» **WHAT IS NEEDED**
From the entries below, reproduce exactly the line containing "<path class='bond-5' d='M 358.897,381.03", the line containing "<path class='bond-4' d='M 624.793,753.84", and every line in between, with nothing added.

Start of INPUT

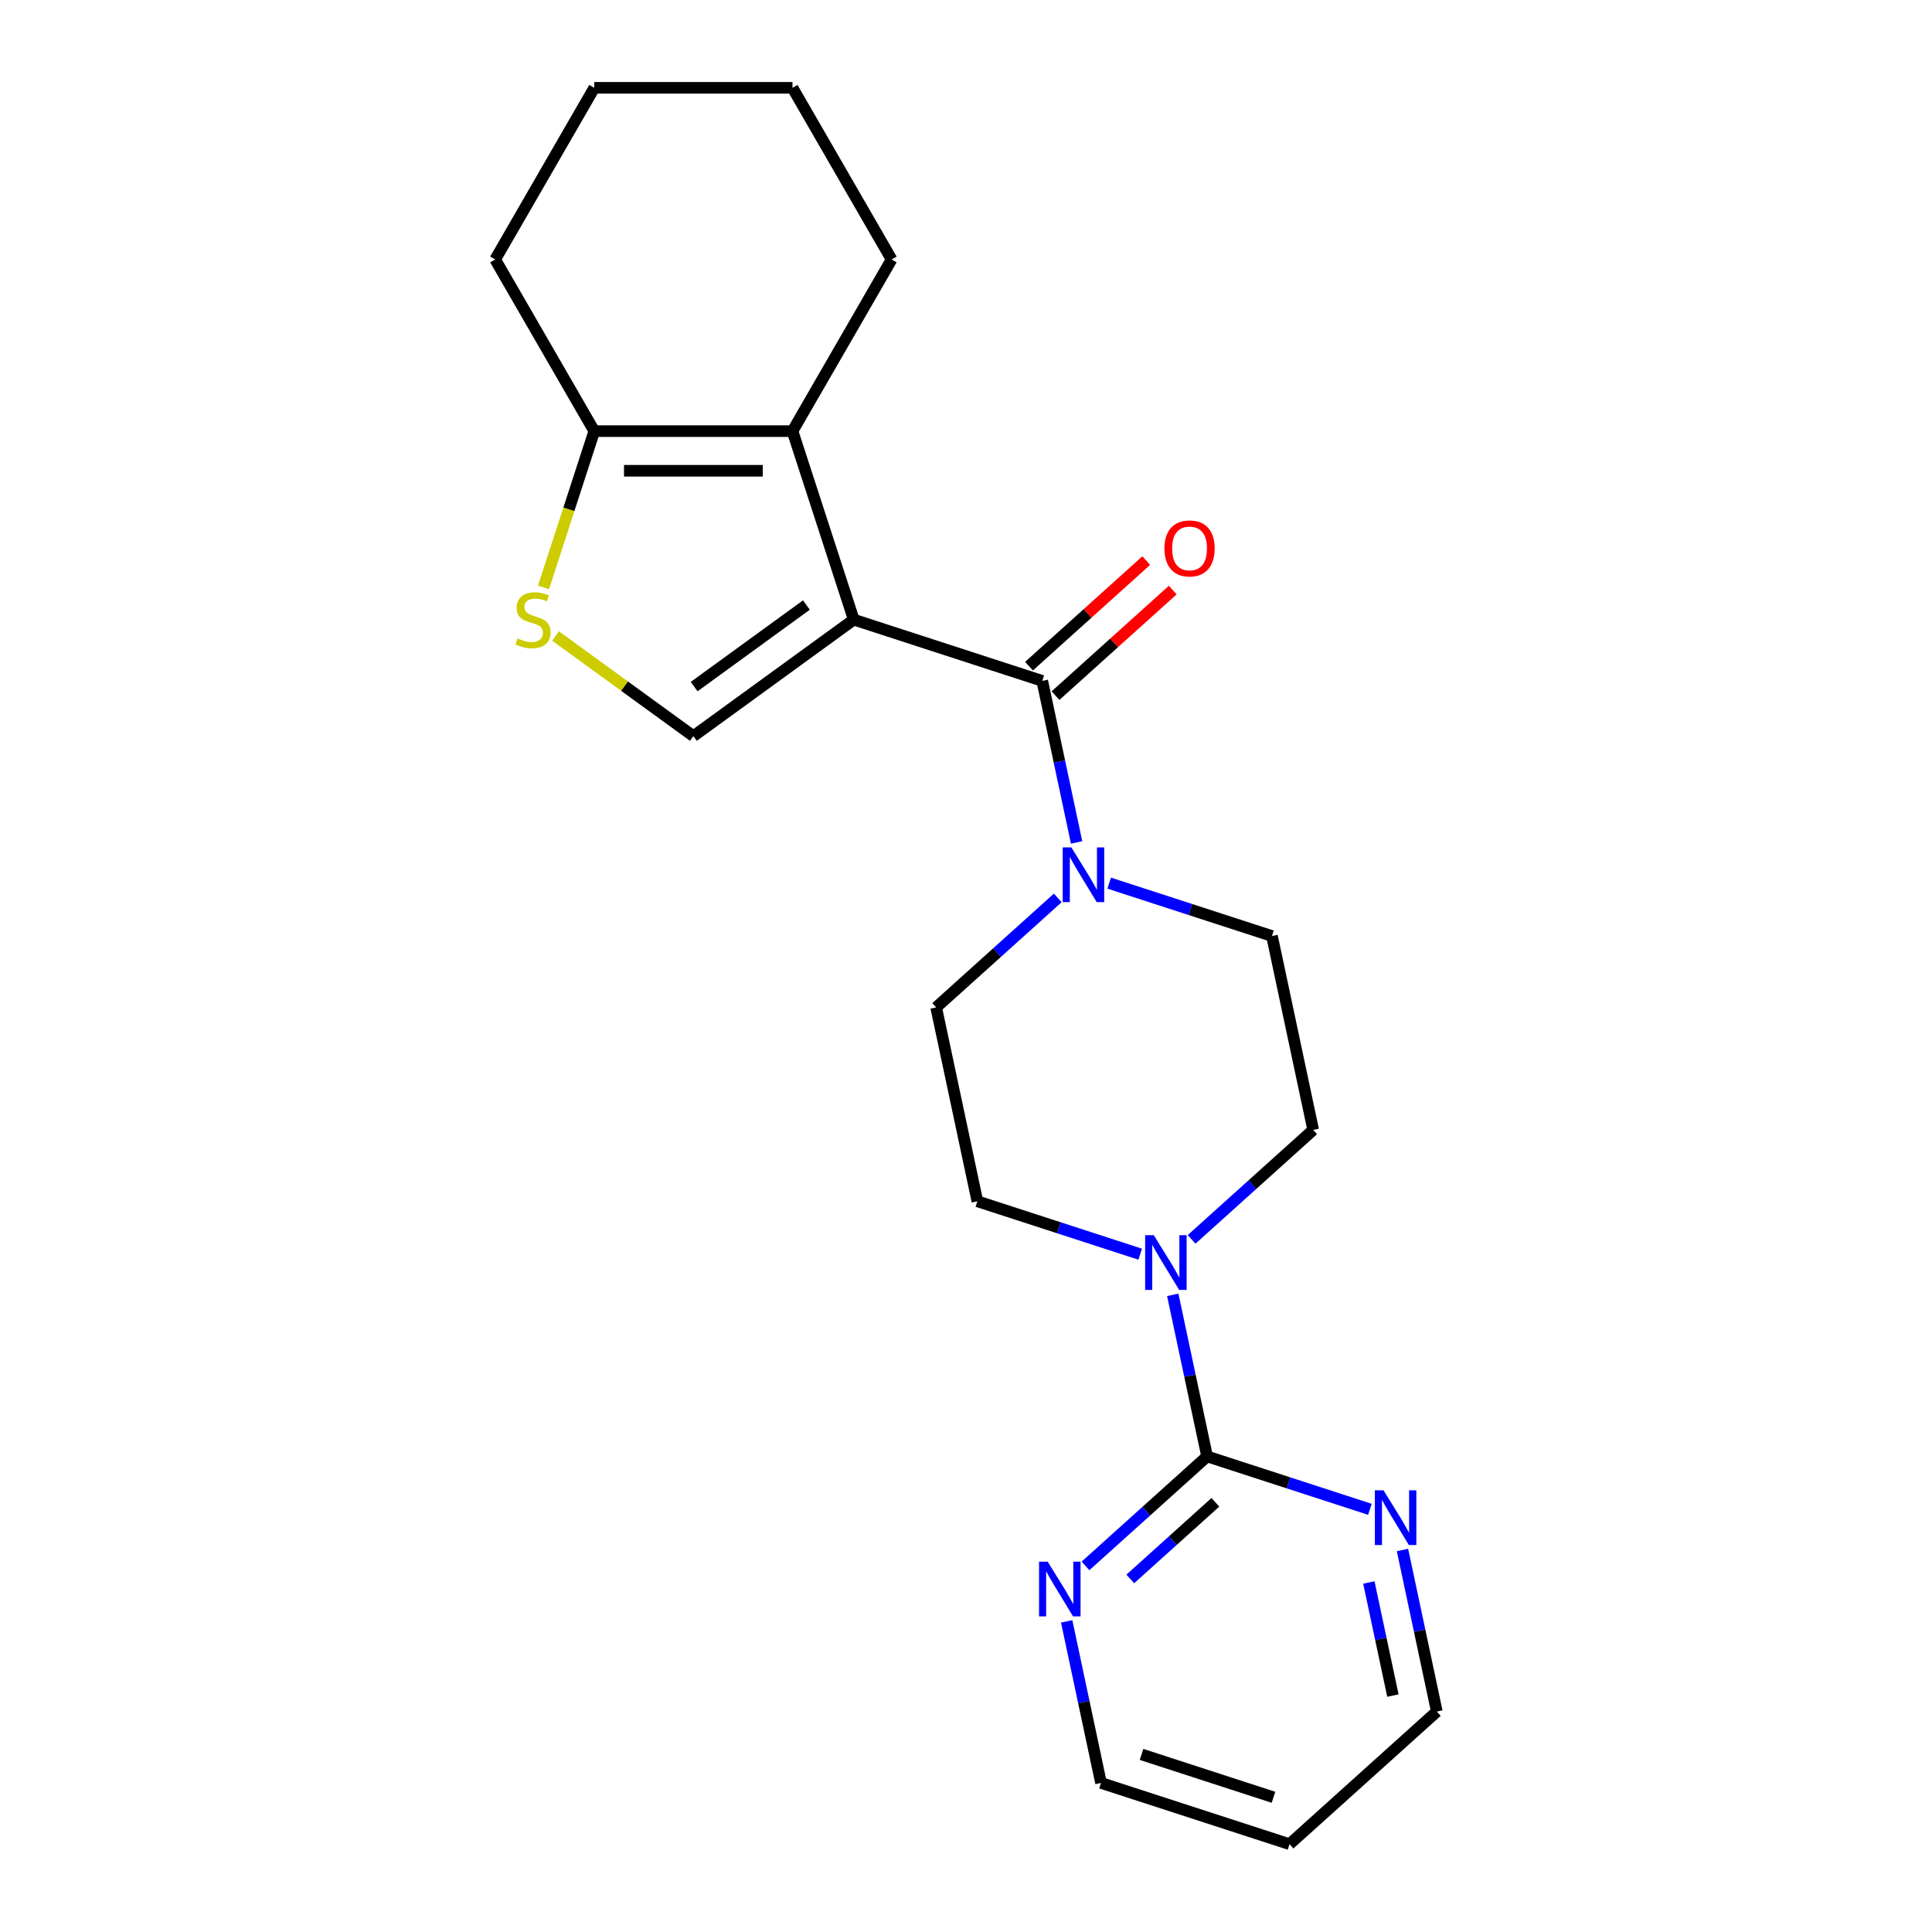 <?xml version='1.0' encoding='iso-8859-1'?>
<svg version='1.1' baseProfile='full'
              xmlns='http://www.w3.org/2000/svg'
                      xmlns:rdkit='http://www.rdkit.org/xml'
                      xmlns:xlink='http://www.w3.org/1999/xlink'
                  xml:space='preserve'
width='1000px' height='1000px' viewBox='0 0 1000 1000'>
<!-- END OF HEADER -->
<rect style='opacity:1.0;fill:#FFFFFF;stroke:none' width='1000' height='1000' x='0' y='0'> </rect>
<path class='bond-0' d='M 441.898,320.727 L 539.471,352.43' style='fill:none;fill-rule:evenodd;stroke:#000000;stroke-width:6px;stroke-linecap:butt;stroke-linejoin:miter;stroke-opacity:1' />
<path class='bond-1' d='M 441.898,320.727 L 410.194,223.153' style='fill:none;fill-rule:evenodd;stroke:#000000;stroke-width:6px;stroke-linecap:butt;stroke-linejoin:miter;stroke-opacity:1' />
<path class='bond-2' d='M 441.898,320.727 L 358.897,381.03' style='fill:none;fill-rule:evenodd;stroke:#000000;stroke-width:6px;stroke-linecap:butt;stroke-linejoin:miter;stroke-opacity:1' />
<path class='bond-2' d='M 417.387,313.172 L 359.287,355.384' style='fill:none;fill-rule:evenodd;stroke:#000000;stroke-width:6px;stroke-linecap:butt;stroke-linejoin:miter;stroke-opacity:1' />
<path class='bond-3' d='M 539.471,352.43 L 548.359,394.244' style='fill:none;fill-rule:evenodd;stroke:#000000;stroke-width:6px;stroke-linecap:butt;stroke-linejoin:miter;stroke-opacity:1' />
<path class='bond-3' d='M 548.359,394.244 L 557.247,436.058' style='fill:none;fill-rule:evenodd;stroke:#0000FF;stroke-width:6px;stroke-linecap:butt;stroke-linejoin:miter;stroke-opacity:1' />
<path class='bond-10' d='M 546.336,360.054 L 576.675,332.737' style='fill:none;fill-rule:evenodd;stroke:#000000;stroke-width:6px;stroke-linecap:butt;stroke-linejoin:miter;stroke-opacity:1' />
<path class='bond-10' d='M 576.675,332.737 L 607.014,305.42' style='fill:none;fill-rule:evenodd;stroke:#FF0000;stroke-width:6px;stroke-linecap:butt;stroke-linejoin:miter;stroke-opacity:1' />
<path class='bond-10' d='M 532.606,344.806 L 562.945,317.489' style='fill:none;fill-rule:evenodd;stroke:#000000;stroke-width:6px;stroke-linecap:butt;stroke-linejoin:miter;stroke-opacity:1' />
<path class='bond-10' d='M 562.945,317.489 L 593.284,290.171' style='fill:none;fill-rule:evenodd;stroke:#FF0000;stroke-width:6px;stroke-linecap:butt;stroke-linejoin:miter;stroke-opacity:1' />
<path class='bond-7' d='M 410.194,223.153 L 307.6,223.153' style='fill:none;fill-rule:evenodd;stroke:#000000;stroke-width:6px;stroke-linecap:butt;stroke-linejoin:miter;stroke-opacity:1' />
<path class='bond-7' d='M 394.805,243.672 L 322.989,243.672' style='fill:none;fill-rule:evenodd;stroke:#000000;stroke-width:6px;stroke-linecap:butt;stroke-linejoin:miter;stroke-opacity:1' />
<path class='bond-15' d='M 410.194,223.153 L 461.492,134.304' style='fill:none;fill-rule:evenodd;stroke:#000000;stroke-width:6px;stroke-linecap:butt;stroke-linejoin:miter;stroke-opacity:1' />
<path class='bond-5' d='M 358.897,381.03 L 323.219,355.109' style='fill:none;fill-rule:evenodd;stroke:#000000;stroke-width:6px;stroke-linecap:butt;stroke-linejoin:miter;stroke-opacity:1' />
<path class='bond-5' d='M 323.219,355.109 L 287.541,329.187' style='fill:none;fill-rule:evenodd;stroke:#CCCC00;stroke-width:6px;stroke-linecap:butt;stroke-linejoin:miter;stroke-opacity:1' />
<path class='bond-11' d='M 547.497,464.762 L 516.028,493.097' style='fill:none;fill-rule:evenodd;stroke:#0000FF;stroke-width:6px;stroke-linecap:butt;stroke-linejoin:miter;stroke-opacity:1' />
<path class='bond-11' d='M 516.028,493.097 L 484.559,521.432' style='fill:none;fill-rule:evenodd;stroke:#000000;stroke-width:6px;stroke-linecap:butt;stroke-linejoin:miter;stroke-opacity:1' />
<path class='bond-12' d='M 574.107,457.106 L 616.241,470.796' style='fill:none;fill-rule:evenodd;stroke:#0000FF;stroke-width:6px;stroke-linecap:butt;stroke-linejoin:miter;stroke-opacity:1' />
<path class='bond-12' d='M 616.241,470.796 L 658.375,484.486' style='fill:none;fill-rule:evenodd;stroke:#000000;stroke-width:6px;stroke-linecap:butt;stroke-linejoin:miter;stroke-opacity:1' />
<path class='bond-4' d='M 624.793,753.84 L 615.906,712.026' style='fill:none;fill-rule:evenodd;stroke:#000000;stroke-width:6px;stroke-linecap:butt;stroke-linejoin:miter;stroke-opacity:1' />
<path class='bond-4' d='M 615.906,712.026 L 607.018,670.213' style='fill:none;fill-rule:evenodd;stroke:#0000FF;stroke-width:6px;stroke-linecap:butt;stroke-linejoin:miter;stroke-opacity:1' />
<path class='bond-8' d='M 624.793,753.84 L 593.325,782.175' style='fill:none;fill-rule:evenodd;stroke:#000000;stroke-width:6px;stroke-linecap:butt;stroke-linejoin:miter;stroke-opacity:1' />
<path class='bond-8' d='M 593.325,782.175 L 561.856,810.51' style='fill:none;fill-rule:evenodd;stroke:#0000FF;stroke-width:6px;stroke-linecap:butt;stroke-linejoin:miter;stroke-opacity:1' />
<path class='bond-8' d='M 629.083,777.589 L 607.054,797.424' style='fill:none;fill-rule:evenodd;stroke:#000000;stroke-width:6px;stroke-linecap:butt;stroke-linejoin:miter;stroke-opacity:1' />
<path class='bond-8' d='M 607.054,797.424 L 585.026,817.258' style='fill:none;fill-rule:evenodd;stroke:#0000FF;stroke-width:6px;stroke-linecap:butt;stroke-linejoin:miter;stroke-opacity:1' />
<path class='bond-9' d='M 624.793,753.84 L 666.928,767.531' style='fill:none;fill-rule:evenodd;stroke:#000000;stroke-width:6px;stroke-linecap:butt;stroke-linejoin:miter;stroke-opacity:1' />
<path class='bond-9' d='M 666.928,767.531 L 709.062,781.221' style='fill:none;fill-rule:evenodd;stroke:#0000FF;stroke-width:6px;stroke-linecap:butt;stroke-linejoin:miter;stroke-opacity:1' />
<path class='bond-22' d='M 281.318,304.042 L 294.459,263.598' style='fill:none;fill-rule:evenodd;stroke:#CCCC00;stroke-width:6px;stroke-linecap:butt;stroke-linejoin:miter;stroke-opacity:1' />
<path class='bond-22' d='M 294.459,263.598 L 307.6,223.153' style='fill:none;fill-rule:evenodd;stroke:#000000;stroke-width:6px;stroke-linecap:butt;stroke-linejoin:miter;stroke-opacity:1' />
<path class='bond-6' d='M 616.768,641.508 L 648.237,613.173' style='fill:none;fill-rule:evenodd;stroke:#0000FF;stroke-width:6px;stroke-linecap:butt;stroke-linejoin:miter;stroke-opacity:1' />
<path class='bond-6' d='M 648.237,613.173 L 679.705,584.839' style='fill:none;fill-rule:evenodd;stroke:#000000;stroke-width:6px;stroke-linecap:butt;stroke-linejoin:miter;stroke-opacity:1' />
<path class='bond-23' d='M 590.158,649.165 L 548.024,635.475' style='fill:none;fill-rule:evenodd;stroke:#0000FF;stroke-width:6px;stroke-linecap:butt;stroke-linejoin:miter;stroke-opacity:1' />
<path class='bond-23' d='M 548.024,635.475 L 505.89,621.784' style='fill:none;fill-rule:evenodd;stroke:#000000;stroke-width:6px;stroke-linecap:butt;stroke-linejoin:miter;stroke-opacity:1' />
<path class='bond-19' d='M 307.6,223.153 L 256.303,134.304' style='fill:none;fill-rule:evenodd;stroke:#000000;stroke-width:6px;stroke-linecap:butt;stroke-linejoin:miter;stroke-opacity:1' />
<path class='bond-18' d='M 552.106,839.214 L 560.994,881.028' style='fill:none;fill-rule:evenodd;stroke:#0000FF;stroke-width:6px;stroke-linecap:butt;stroke-linejoin:miter;stroke-opacity:1' />
<path class='bond-18' d='M 560.994,881.028 L 569.882,922.842' style='fill:none;fill-rule:evenodd;stroke:#000000;stroke-width:6px;stroke-linecap:butt;stroke-linejoin:miter;stroke-opacity:1' />
<path class='bond-17' d='M 725.922,802.269 L 734.809,844.082' style='fill:none;fill-rule:evenodd;stroke:#0000FF;stroke-width:6px;stroke-linecap:butt;stroke-linejoin:miter;stroke-opacity:1' />
<path class='bond-17' d='M 734.809,844.082 L 743.697,885.896' style='fill:none;fill-rule:evenodd;stroke:#000000;stroke-width:6px;stroke-linecap:butt;stroke-linejoin:miter;stroke-opacity:1' />
<path class='bond-17' d='M 708.517,819.079 L 714.739,848.349' style='fill:none;fill-rule:evenodd;stroke:#0000FF;stroke-width:6px;stroke-linecap:butt;stroke-linejoin:miter;stroke-opacity:1' />
<path class='bond-17' d='M 714.739,848.349 L 720.96,877.618' style='fill:none;fill-rule:evenodd;stroke:#000000;stroke-width:6px;stroke-linecap:butt;stroke-linejoin:miter;stroke-opacity:1' />
<path class='bond-13' d='M 484.559,521.432 L 505.89,621.784' style='fill:none;fill-rule:evenodd;stroke:#000000;stroke-width:6px;stroke-linecap:butt;stroke-linejoin:miter;stroke-opacity:1' />
<path class='bond-14' d='M 658.375,484.486 L 679.705,584.839' style='fill:none;fill-rule:evenodd;stroke:#000000;stroke-width:6px;stroke-linecap:butt;stroke-linejoin:miter;stroke-opacity:1' />
<path class='bond-20' d='M 461.492,134.304 L 410.194,45.455' style='fill:none;fill-rule:evenodd;stroke:#000000;stroke-width:6px;stroke-linecap:butt;stroke-linejoin:miter;stroke-opacity:1' />
<path class='bond-16' d='M 667.455,954.545 L 569.882,922.842' style='fill:none;fill-rule:evenodd;stroke:#000000;stroke-width:6px;stroke-linecap:butt;stroke-linejoin:miter;stroke-opacity:1' />
<path class='bond-16' d='M 659.159,930.275 L 590.858,908.083' style='fill:none;fill-rule:evenodd;stroke:#000000;stroke-width:6px;stroke-linecap:butt;stroke-linejoin:miter;stroke-opacity:1' />
<path class='bond-25' d='M 667.455,954.545 L 743.697,885.896' style='fill:none;fill-rule:evenodd;stroke:#000000;stroke-width:6px;stroke-linecap:butt;stroke-linejoin:miter;stroke-opacity:1' />
<path class='bond-24' d='M 256.303,134.304 L 307.6,45.455' style='fill:none;fill-rule:evenodd;stroke:#000000;stroke-width:6px;stroke-linecap:butt;stroke-linejoin:miter;stroke-opacity:1' />
<path class='bond-21' d='M 410.194,45.455 L 307.6,45.455' style='fill:none;fill-rule:evenodd;stroke:#000000;stroke-width:6px;stroke-linecap:butt;stroke-linejoin:miter;stroke-opacity:1' />
<path  class='atom-4' d='M 554.542 438.623
L 563.822 453.623
Q 564.742 455.103, 566.222 457.783
Q 567.702 460.463, 567.782 460.623
L 567.782 438.623
L 571.542 438.623
L 571.542 466.943
L 567.662 466.943
L 557.702 450.543
Q 556.542 448.623, 555.302 446.423
Q 554.102 444.223, 553.742 443.543
L 553.742 466.943
L 550.062 466.943
L 550.062 438.623
L 554.542 438.623
' fill='#0000FF'/>
<path  class='atom-6' d='M 267.897 330.447
Q 268.217 330.567, 269.537 331.127
Q 270.857 331.687, 272.297 332.047
Q 273.777 332.367, 275.217 332.367
Q 277.897 332.367, 279.457 331.087
Q 281.017 329.767, 281.017 327.487
Q 281.017 325.927, 280.217 324.967
Q 279.457 324.007, 278.257 323.487
Q 277.057 322.967, 275.057 322.367
Q 272.537 321.607, 271.017 320.887
Q 269.537 320.167, 268.457 318.647
Q 267.417 317.127, 267.417 314.567
Q 267.417 311.007, 269.817 308.807
Q 272.257 306.607, 277.057 306.607
Q 280.337 306.607, 284.057 308.167
L 283.137 311.247
Q 279.737 309.847, 277.177 309.847
Q 274.417 309.847, 272.897 311.007
Q 271.377 312.127, 271.417 314.087
Q 271.417 315.607, 272.177 316.527
Q 272.977 317.447, 274.097 317.967
Q 275.257 318.487, 277.177 319.087
Q 279.737 319.887, 281.257 320.687
Q 282.777 321.487, 283.857 323.127
Q 284.977 324.727, 284.977 327.487
Q 284.977 331.407, 282.337 333.527
Q 279.737 335.607, 275.377 335.607
Q 272.857 335.607, 270.937 335.047
Q 269.057 334.527, 266.817 333.607
L 267.897 330.447
' fill='#CCCC00'/>
<path  class='atom-7' d='M 597.203 639.328
L 606.483 654.328
Q 607.403 655.808, 608.883 658.488
Q 610.363 661.168, 610.443 661.328
L 610.443 639.328
L 614.203 639.328
L 614.203 667.648
L 610.323 667.648
L 600.363 651.248
Q 599.203 649.328, 597.963 647.128
Q 596.763 644.928, 596.403 644.248
L 596.403 667.648
L 592.723 667.648
L 592.723 639.328
L 597.203 639.328
' fill='#0000FF'/>
<path  class='atom-9' d='M 542.291 808.329
L 551.571 823.329
Q 552.491 824.809, 553.971 827.489
Q 555.451 830.169, 555.531 830.329
L 555.531 808.329
L 559.291 808.329
L 559.291 836.649
L 555.411 836.649
L 545.451 820.249
Q 544.291 818.329, 543.051 816.129
Q 541.851 813.929, 541.491 813.249
L 541.491 836.649
L 537.811 836.649
L 537.811 808.329
L 542.291 808.329
' fill='#0000FF'/>
<path  class='atom-10' d='M 716.107 771.384
L 725.387 786.384
Q 726.307 787.864, 727.787 790.544
Q 729.267 793.224, 729.347 793.384
L 729.347 771.384
L 733.107 771.384
L 733.107 799.704
L 729.227 799.704
L 719.267 783.304
Q 718.107 781.384, 716.867 779.184
Q 715.667 776.984, 715.307 776.304
L 715.307 799.704
L 711.627 799.704
L 711.627 771.384
L 716.107 771.384
' fill='#0000FF'/>
<path  class='atom-11' d='M 602.714 283.861
Q 602.714 277.061, 606.074 273.261
Q 609.434 269.461, 615.714 269.461
Q 621.994 269.461, 625.354 273.261
Q 628.714 277.061, 628.714 283.861
Q 628.714 290.741, 625.314 294.661
Q 621.914 298.541, 615.714 298.541
Q 609.474 298.541, 606.074 294.661
Q 602.714 290.781, 602.714 283.861
M 615.714 295.341
Q 620.034 295.341, 622.354 292.461
Q 624.714 289.541, 624.714 283.861
Q 624.714 278.301, 622.354 275.501
Q 620.034 272.661, 615.714 272.661
Q 611.394 272.661, 609.034 275.461
Q 606.714 278.261, 606.714 283.861
Q 606.714 289.581, 609.034 292.461
Q 611.394 295.341, 615.714 295.341
' fill='#FF0000'/>
</svg>

End of INPUT

» **OUTPUT**
<path class='bond-5' d='M 358.897,381.03 L 323.219,355.109' style='fill:none;fill-rule:evenodd;stroke:#000000;stroke-width:6px;stroke-linecap:butt;stroke-linejoin:miter;stroke-opacity:1' />
<path class='bond-5' d='M 323.219,355.109 L 287.541,329.187' style='fill:none;fill-rule:evenodd;stroke:#CCCC00;stroke-width:6px;stroke-linecap:butt;stroke-linejoin:miter;stroke-opacity:1' />
<path class='bond-11' d='M 547.497,464.762 L 516.028,493.097' style='fill:none;fill-rule:evenodd;stroke:#0000FF;stroke-width:6px;stroke-linecap:butt;stroke-linejoin:miter;stroke-opacity:1' />
<path class='bond-11' d='M 516.028,493.097 L 484.559,521.432' style='fill:none;fill-rule:evenodd;stroke:#000000;stroke-width:6px;stroke-linecap:butt;stroke-linejoin:miter;stroke-opacity:1' />
<path class='bond-12' d='M 574.107,457.106 L 616.241,470.796' style='fill:none;fill-rule:evenodd;stroke:#0000FF;stroke-width:6px;stroke-linecap:butt;stroke-linejoin:miter;stroke-opacity:1' />
<path class='bond-12' d='M 616.241,470.796 L 658.375,484.486' style='fill:none;fill-rule:evenodd;stroke:#000000;stroke-width:6px;stroke-linecap:butt;stroke-linejoin:miter;stroke-opacity:1' />
<path class='bond-4' d='M 624.793,753.84 L 615.906,712.026' style='fill:none;fill-rule:evenodd;stroke:#000000;stroke-width:6px;stroke-linecap:butt;stroke-linejoin:miter;stroke-opacity:1' />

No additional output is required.